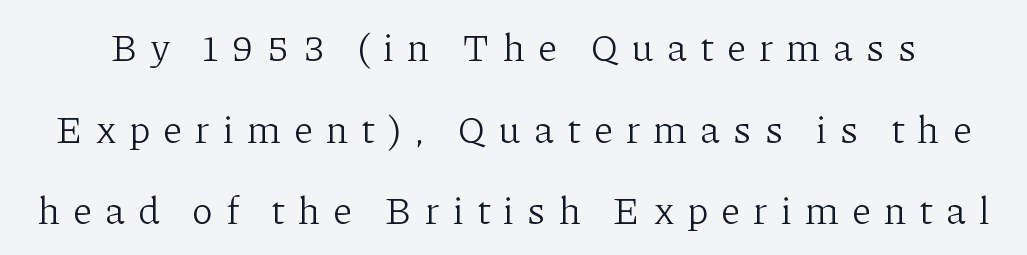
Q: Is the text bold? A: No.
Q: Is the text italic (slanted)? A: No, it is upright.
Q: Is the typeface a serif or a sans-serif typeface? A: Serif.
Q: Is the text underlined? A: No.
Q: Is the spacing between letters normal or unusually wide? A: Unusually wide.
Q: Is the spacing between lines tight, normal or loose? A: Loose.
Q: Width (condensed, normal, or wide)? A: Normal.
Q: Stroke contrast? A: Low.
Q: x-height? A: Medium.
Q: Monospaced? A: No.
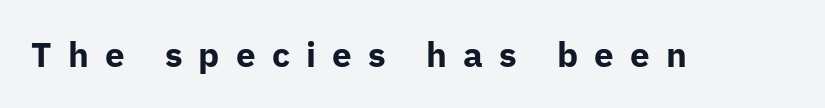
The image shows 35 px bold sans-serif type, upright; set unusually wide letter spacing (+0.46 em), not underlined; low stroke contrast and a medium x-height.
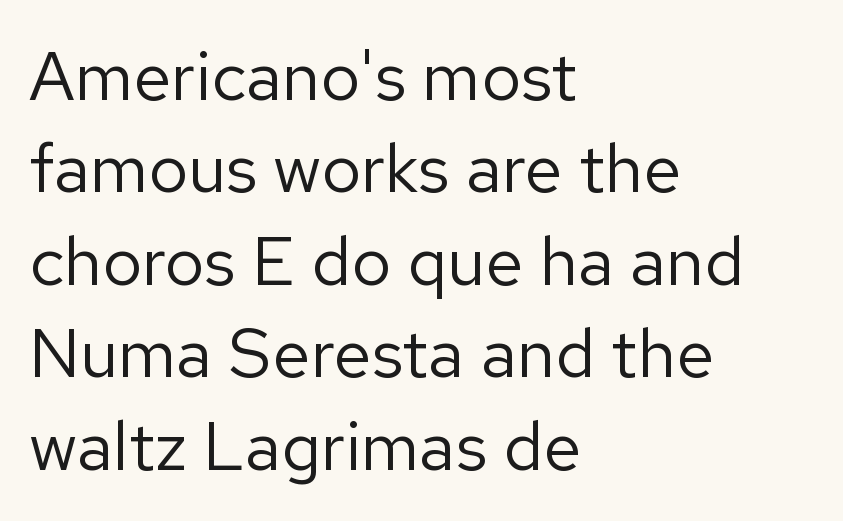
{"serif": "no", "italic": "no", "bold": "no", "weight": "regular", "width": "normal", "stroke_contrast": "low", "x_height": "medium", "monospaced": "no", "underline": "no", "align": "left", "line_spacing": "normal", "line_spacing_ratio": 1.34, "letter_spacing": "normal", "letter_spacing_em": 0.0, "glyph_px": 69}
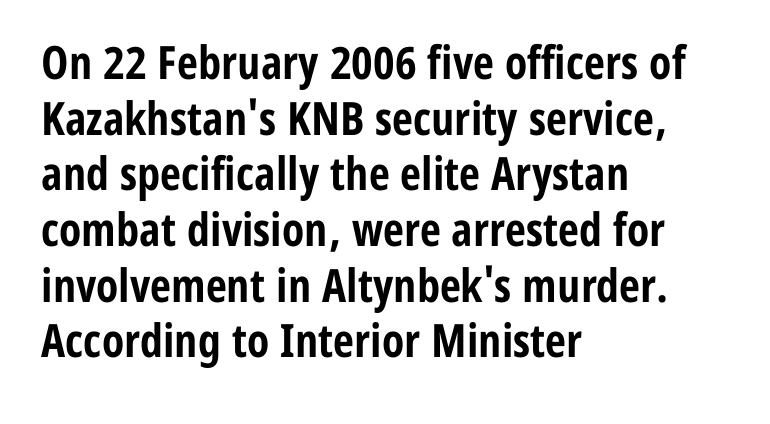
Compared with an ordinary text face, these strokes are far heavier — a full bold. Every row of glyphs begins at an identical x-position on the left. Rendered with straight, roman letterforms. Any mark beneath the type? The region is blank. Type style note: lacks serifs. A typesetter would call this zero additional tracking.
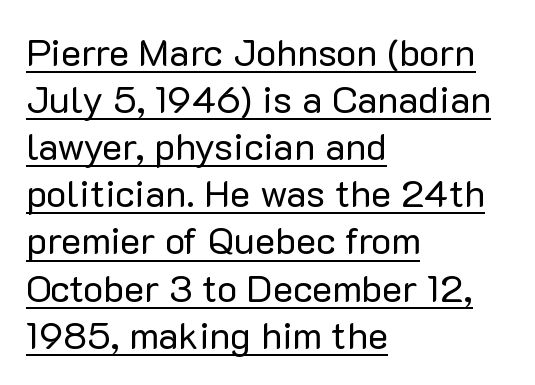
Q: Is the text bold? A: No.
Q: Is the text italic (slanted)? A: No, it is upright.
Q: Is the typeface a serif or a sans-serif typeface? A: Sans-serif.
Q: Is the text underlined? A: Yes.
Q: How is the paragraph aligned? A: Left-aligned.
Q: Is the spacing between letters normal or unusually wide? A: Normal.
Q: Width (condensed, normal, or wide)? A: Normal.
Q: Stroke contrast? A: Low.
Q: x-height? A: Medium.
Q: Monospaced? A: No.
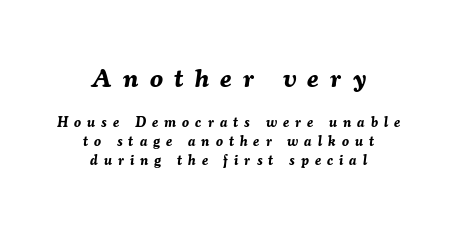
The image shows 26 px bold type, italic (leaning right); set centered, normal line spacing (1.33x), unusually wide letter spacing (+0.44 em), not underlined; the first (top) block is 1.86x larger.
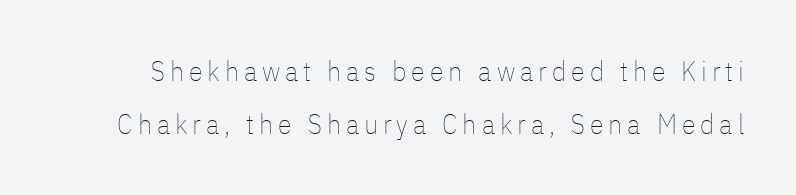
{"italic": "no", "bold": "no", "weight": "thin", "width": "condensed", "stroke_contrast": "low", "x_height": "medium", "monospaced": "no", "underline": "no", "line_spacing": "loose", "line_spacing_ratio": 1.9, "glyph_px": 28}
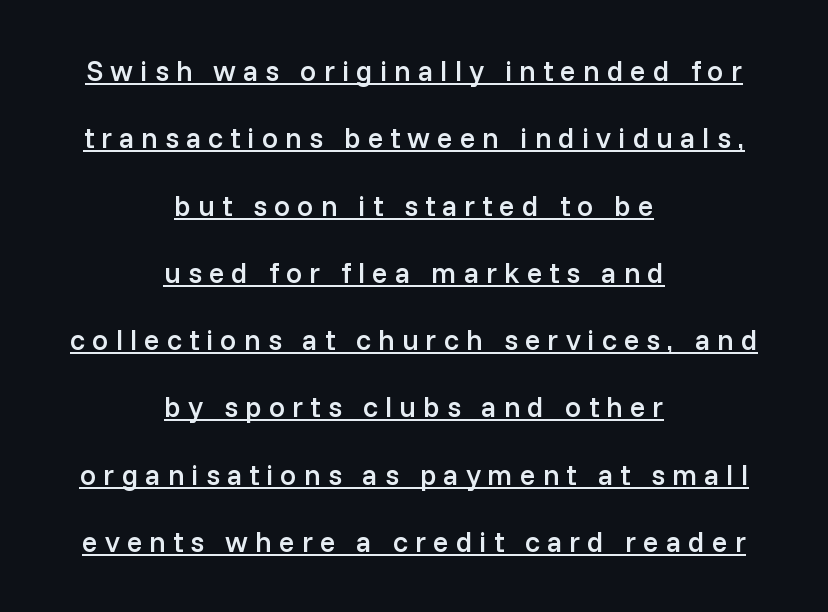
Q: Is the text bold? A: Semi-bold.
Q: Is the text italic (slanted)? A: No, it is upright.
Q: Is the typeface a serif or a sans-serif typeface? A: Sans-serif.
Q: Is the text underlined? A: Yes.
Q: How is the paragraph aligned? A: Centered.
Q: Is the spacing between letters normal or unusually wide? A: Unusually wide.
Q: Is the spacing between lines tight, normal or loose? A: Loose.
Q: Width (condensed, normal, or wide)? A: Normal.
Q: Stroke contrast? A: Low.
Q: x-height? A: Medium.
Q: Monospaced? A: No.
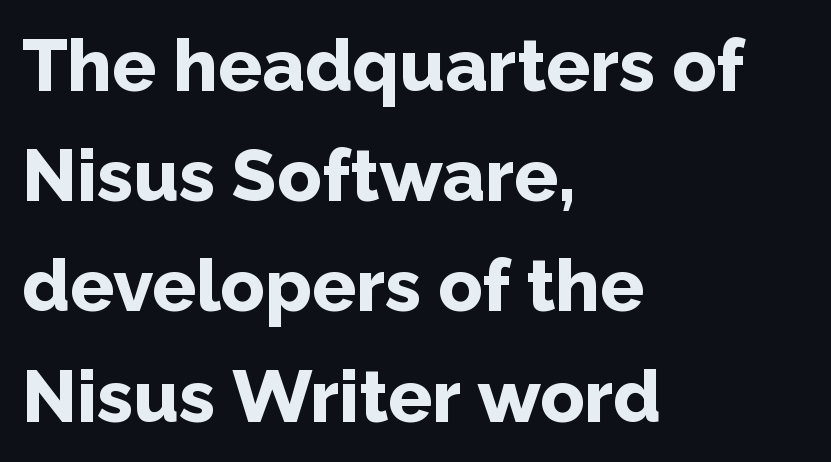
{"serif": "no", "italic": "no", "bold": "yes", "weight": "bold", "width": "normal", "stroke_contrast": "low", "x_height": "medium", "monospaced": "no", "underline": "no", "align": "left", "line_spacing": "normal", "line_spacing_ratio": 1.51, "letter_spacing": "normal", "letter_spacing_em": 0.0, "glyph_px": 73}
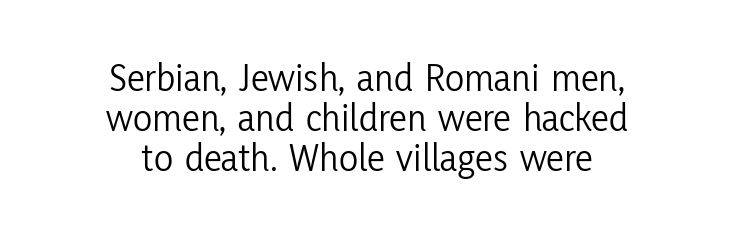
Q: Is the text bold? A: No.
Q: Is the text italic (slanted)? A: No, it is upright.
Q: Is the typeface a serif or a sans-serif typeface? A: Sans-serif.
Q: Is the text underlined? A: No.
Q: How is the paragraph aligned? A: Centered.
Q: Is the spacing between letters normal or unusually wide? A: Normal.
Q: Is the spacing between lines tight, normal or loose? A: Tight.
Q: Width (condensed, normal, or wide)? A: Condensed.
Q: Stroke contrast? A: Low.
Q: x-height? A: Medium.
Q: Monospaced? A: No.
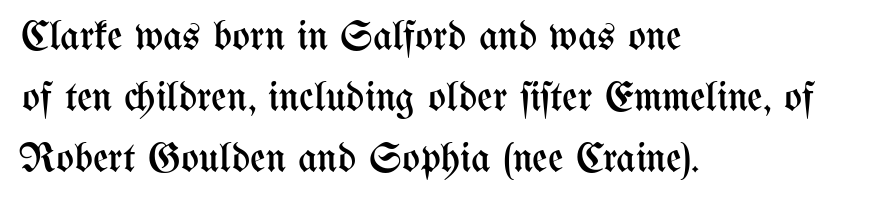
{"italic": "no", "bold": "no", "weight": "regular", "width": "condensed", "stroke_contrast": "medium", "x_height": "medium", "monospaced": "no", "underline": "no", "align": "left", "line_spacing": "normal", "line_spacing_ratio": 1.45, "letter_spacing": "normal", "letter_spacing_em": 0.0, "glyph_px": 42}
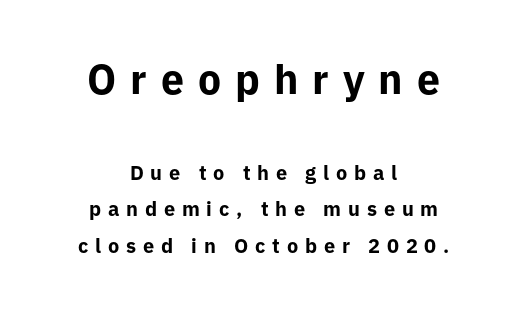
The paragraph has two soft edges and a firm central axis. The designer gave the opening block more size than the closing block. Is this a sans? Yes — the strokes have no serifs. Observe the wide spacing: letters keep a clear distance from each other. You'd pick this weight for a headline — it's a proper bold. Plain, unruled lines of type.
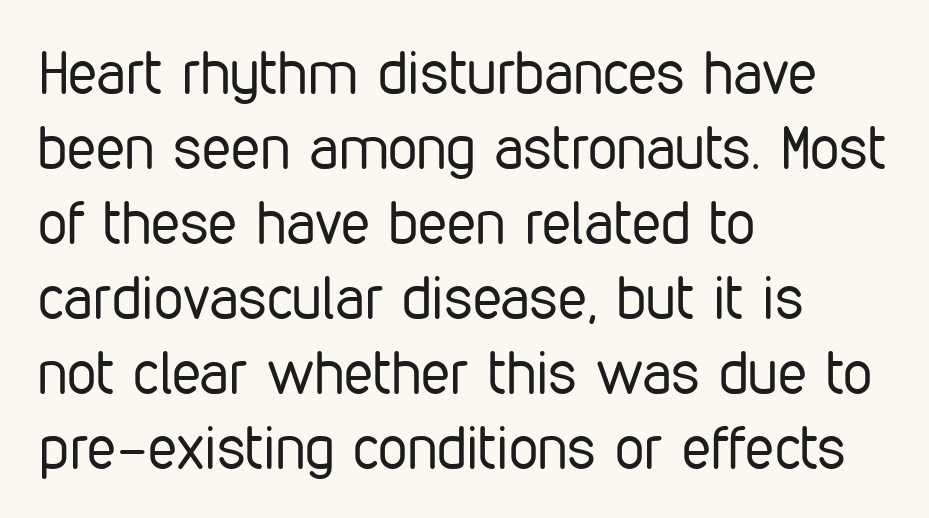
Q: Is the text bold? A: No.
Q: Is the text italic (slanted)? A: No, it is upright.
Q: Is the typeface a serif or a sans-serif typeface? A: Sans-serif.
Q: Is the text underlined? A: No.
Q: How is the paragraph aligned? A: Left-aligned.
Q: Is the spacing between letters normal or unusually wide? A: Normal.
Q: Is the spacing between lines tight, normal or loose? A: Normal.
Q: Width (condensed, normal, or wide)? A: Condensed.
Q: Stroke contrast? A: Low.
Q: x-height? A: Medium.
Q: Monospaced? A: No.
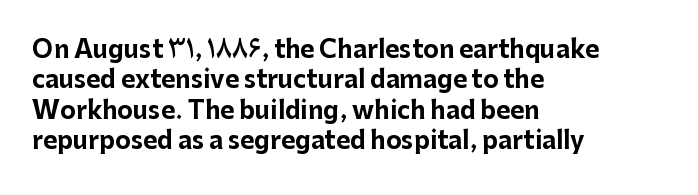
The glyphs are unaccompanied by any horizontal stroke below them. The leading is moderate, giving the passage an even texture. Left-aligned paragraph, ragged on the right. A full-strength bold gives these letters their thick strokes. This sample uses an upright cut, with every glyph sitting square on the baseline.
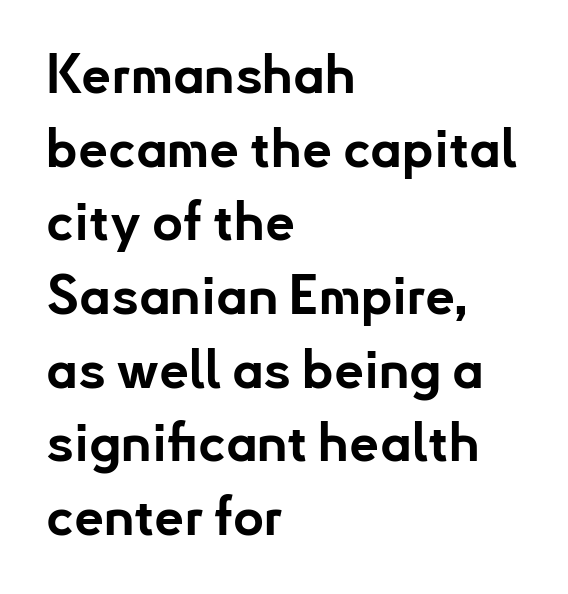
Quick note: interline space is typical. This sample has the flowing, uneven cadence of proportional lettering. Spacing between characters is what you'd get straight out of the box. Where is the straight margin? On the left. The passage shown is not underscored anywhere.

-*-*-

→ **PROMPT**
An exact reproduction of the data above is required, with every picture removed.

→ **TASK RESULT**
Q: Is the text bold? A: No.
Q: Is the text italic (slanted)? A: No, it is upright.
Q: Is the typeface a serif or a sans-serif typeface? A: Serif.
Q: Is the text underlined? A: No.
Q: Is the spacing between letters normal or unusually wide? A: Unusually wide.
Q: Is the spacing between lines tight, normal or loose? A: Loose.
Q: Width (condensed, normal, or wide)? A: Normal.
Q: Stroke contrast? A: Low.
Q: x-height? A: Medium.
Q: Monospaced? A: No.
The image shows 35 px bold sans-serif type, upright; set unusually wide letter spacing (+0.46 em), not underlined; low stroke contrast and a medium x-height.
{"serif": "no", "italic": "no", "bold": "no", "weight": "regular", "width": "normal", "stroke_contrast": "low", "x_height": "medium", "monospaced": "no", "underline": "no", "align": "left", "line_spacing": "normal", "line_spacing_ratio": 1.34, "letter_spacing": "normal", "letter_spacing_em": 0.0, "glyph_px": 69}
Compared with an ordinary text face, these strokes are far heavier — a full bold. Every row of glyphs begins at an identical x-position on the left. Rendered with straight, roman letterforms. Any mark beneath the type? The region is blank. Type style note: lacks serifs. A typesetter would call this zero additional tracking.
Q: Is the text bold? A: No.
Q: Is the text italic (slanted)? A: No, it is upright.
Q: Is the typeface a serif or a sans-serif typeface? A: Sans-serif.
Q: Is the text underlined? A: Yes.
Q: How is the paragraph aligned? A: Left-aligned.
Q: Is the spacing between letters normal or unusually wide? A: Normal.
Q: Width (condensed, normal, or wide)? A: Normal.
Q: Stroke contrast? A: Low.
Q: x-height? A: Medium.
Q: Monospaced? A: No.
The image shows 26 px bold type, italic (leaning right); set centered, normal line spacing (1.33x), unusually wide letter spacing (+0.44 em), not underlined; the first (top) block is 1.86x larger.
{"italic": "no", "bold": "no", "weight": "thin", "width": "condensed", "stroke_contrast": "low", "x_height": "medium", "monospaced": "no", "underline": "no", "line_spacing": "loose", "line_spacing_ratio": 1.9, "glyph_px": 28}
Q: Is the text bold? A: Semi-bold.
Q: Is the text italic (slanted)? A: No, it is upright.
Q: Is the typeface a serif or a sans-serif typeface? A: Sans-serif.
Q: Is the text underlined? A: Yes.
Q: How is the paragraph aligned? A: Centered.
Q: Is the spacing between letters normal or unusually wide? A: Unusually wide.
Q: Is the spacing between lines tight, normal or loose? A: Loose.
Q: Width (condensed, normal, or wide)? A: Normal.
Q: Stroke contrast? A: Low.
Q: x-height? A: Medium.
Q: Monospaced? A: No.
{"serif": "no", "italic": "no", "bold": "yes", "weight": "bold", "width": "normal", "stroke_contrast": "low", "x_height": "medium", "monospaced": "no", "underline": "no", "align": "left", "line_spacing": "normal", "line_spacing_ratio": 1.51, "letter_spacing": "normal", "letter_spacing_em": 0.0, "glyph_px": 73}
Q: Is the text bold? A: No.
Q: Is the text italic (slanted)? A: No, it is upright.
Q: Is the typeface a serif or a sans-serif typeface? A: Sans-serif.
Q: Is the text underlined? A: No.
Q: How is the paragraph aligned? A: Centered.
Q: Is the spacing between letters normal or unusually wide? A: Normal.
Q: Is the spacing between lines tight, normal or loose? A: Tight.
Q: Width (condensed, normal, or wide)? A: Condensed.
Q: Stroke contrast? A: Low.
Q: x-height? A: Medium.
Q: Monospaced? A: No.
{"italic": "no", "bold": "no", "weight": "regular", "width": "condensed", "stroke_contrast": "medium", "x_height": "medium", "monospaced": "no", "underline": "no", "align": "left", "line_spacing": "normal", "line_spacing_ratio": 1.45, "letter_spacing": "normal", "letter_spacing_em": 0.0, "glyph_px": 42}
The paragraph has two soft edges and a firm central axis. The designer gave the opening block more size than the closing block. Is this a sans? Yes — the strokes have no serifs. Observe the wide spacing: letters keep a clear distance from each other. You'd pick this weight for a headline — it's a proper bold. Plain, unruled lines of type.
Q: Is the text bold? A: No.
Q: Is the text italic (slanted)? A: No, it is upright.
Q: Is the typeface a serif or a sans-serif typeface? A: Sans-serif.
Q: Is the text underlined? A: No.
Q: How is the paragraph aligned? A: Left-aligned.
Q: Is the spacing between letters normal or unusually wide? A: Normal.
Q: Is the spacing between lines tight, normal or loose? A: Normal.
Q: Width (condensed, normal, or wide)? A: Condensed.
Q: Stroke contrast? A: Low.
Q: x-height? A: Medium.
Q: Monospaced? A: No.
The glyphs are unaccompanied by any horizontal stroke below them. The leading is moderate, giving the passage an even texture. Left-aligned paragraph, ragged on the right. A full-strength bold gives these letters their thick strokes. This sample uses an upright cut, with every glyph sitting square on the baseline.
Quick note: interline space is typical. This sample has the flowing, uneven cadence of proportional lettering. Spacing between characters is what you'd get straight out of the box. Where is the straight margin? On the left. The passage shown is not underscored anywhere.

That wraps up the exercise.